*** Opening Data provided ***

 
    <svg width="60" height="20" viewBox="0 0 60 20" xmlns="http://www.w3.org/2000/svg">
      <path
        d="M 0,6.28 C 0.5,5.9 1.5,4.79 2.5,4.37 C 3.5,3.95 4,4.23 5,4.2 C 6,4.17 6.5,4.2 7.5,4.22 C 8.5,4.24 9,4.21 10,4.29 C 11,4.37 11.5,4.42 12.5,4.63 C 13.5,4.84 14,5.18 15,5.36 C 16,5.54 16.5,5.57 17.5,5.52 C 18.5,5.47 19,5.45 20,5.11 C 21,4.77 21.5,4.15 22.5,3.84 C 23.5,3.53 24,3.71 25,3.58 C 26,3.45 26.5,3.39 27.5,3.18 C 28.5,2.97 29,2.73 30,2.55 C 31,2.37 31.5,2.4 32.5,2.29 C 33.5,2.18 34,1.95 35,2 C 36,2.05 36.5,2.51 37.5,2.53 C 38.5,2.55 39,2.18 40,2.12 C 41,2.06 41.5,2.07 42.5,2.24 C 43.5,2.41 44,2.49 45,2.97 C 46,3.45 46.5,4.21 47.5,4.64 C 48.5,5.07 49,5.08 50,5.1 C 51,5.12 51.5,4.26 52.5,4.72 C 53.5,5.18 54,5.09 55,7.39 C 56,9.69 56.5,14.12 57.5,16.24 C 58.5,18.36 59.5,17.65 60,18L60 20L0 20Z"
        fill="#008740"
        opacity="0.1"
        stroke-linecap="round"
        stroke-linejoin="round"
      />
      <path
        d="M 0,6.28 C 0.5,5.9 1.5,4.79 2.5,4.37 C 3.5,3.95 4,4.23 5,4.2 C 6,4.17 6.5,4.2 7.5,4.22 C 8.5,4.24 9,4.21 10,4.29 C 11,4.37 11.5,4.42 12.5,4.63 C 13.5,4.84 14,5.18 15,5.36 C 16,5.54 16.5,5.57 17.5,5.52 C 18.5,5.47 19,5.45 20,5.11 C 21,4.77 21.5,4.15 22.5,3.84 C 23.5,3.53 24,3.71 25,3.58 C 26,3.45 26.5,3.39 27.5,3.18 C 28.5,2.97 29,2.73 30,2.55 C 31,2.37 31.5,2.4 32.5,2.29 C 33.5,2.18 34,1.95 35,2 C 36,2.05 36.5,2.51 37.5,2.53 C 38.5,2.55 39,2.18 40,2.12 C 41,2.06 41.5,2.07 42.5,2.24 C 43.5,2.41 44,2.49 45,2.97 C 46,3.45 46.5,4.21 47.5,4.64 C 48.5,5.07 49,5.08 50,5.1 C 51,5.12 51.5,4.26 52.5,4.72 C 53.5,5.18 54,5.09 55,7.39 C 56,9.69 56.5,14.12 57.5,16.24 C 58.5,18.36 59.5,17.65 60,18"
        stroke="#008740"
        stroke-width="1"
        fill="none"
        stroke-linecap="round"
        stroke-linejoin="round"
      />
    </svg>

*** Closing Data provided ***
*** Opening Data provided ***

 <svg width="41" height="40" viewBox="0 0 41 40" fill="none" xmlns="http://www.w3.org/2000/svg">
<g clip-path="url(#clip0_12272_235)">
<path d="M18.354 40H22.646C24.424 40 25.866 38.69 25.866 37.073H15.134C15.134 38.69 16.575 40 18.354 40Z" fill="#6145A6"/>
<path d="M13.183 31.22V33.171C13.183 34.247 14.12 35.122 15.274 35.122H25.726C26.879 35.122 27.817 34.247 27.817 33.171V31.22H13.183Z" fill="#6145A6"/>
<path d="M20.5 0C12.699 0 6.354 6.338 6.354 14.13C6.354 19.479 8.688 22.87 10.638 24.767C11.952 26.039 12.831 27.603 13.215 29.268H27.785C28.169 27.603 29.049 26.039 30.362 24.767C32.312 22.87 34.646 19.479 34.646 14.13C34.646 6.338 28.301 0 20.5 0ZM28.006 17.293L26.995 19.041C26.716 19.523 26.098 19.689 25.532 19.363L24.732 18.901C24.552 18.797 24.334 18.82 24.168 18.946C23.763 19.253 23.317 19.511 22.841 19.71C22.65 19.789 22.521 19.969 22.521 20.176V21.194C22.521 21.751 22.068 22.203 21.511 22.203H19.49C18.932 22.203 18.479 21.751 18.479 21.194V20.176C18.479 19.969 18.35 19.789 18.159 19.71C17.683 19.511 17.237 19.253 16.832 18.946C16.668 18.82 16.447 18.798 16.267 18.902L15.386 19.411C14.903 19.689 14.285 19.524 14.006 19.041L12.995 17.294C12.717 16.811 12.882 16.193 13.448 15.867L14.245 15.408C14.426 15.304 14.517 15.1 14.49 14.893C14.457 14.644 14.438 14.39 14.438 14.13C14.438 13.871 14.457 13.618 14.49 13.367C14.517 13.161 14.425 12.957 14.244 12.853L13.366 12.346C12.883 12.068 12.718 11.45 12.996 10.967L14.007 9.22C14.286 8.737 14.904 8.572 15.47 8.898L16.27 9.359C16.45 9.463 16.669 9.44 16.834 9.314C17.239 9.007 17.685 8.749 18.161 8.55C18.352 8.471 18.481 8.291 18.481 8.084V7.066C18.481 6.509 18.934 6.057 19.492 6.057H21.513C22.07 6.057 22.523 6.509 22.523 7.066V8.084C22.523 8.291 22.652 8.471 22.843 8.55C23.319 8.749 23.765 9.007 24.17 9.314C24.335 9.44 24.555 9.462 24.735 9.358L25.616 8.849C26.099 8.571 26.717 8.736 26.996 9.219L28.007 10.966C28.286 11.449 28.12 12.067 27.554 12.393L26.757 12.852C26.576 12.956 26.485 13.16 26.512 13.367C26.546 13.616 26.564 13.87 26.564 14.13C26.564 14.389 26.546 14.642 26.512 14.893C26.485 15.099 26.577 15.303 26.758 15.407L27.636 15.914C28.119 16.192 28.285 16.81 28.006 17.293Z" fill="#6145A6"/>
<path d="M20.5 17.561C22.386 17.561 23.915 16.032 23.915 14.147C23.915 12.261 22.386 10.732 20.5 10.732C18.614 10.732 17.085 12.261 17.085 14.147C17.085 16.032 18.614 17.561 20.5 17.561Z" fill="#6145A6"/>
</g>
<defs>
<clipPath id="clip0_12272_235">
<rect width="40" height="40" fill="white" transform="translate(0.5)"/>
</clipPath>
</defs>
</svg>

*** Closing Data provided ***

What is needed:
In the entries above, how many lines hold "height"? Answer with the number alone.

Written response:
3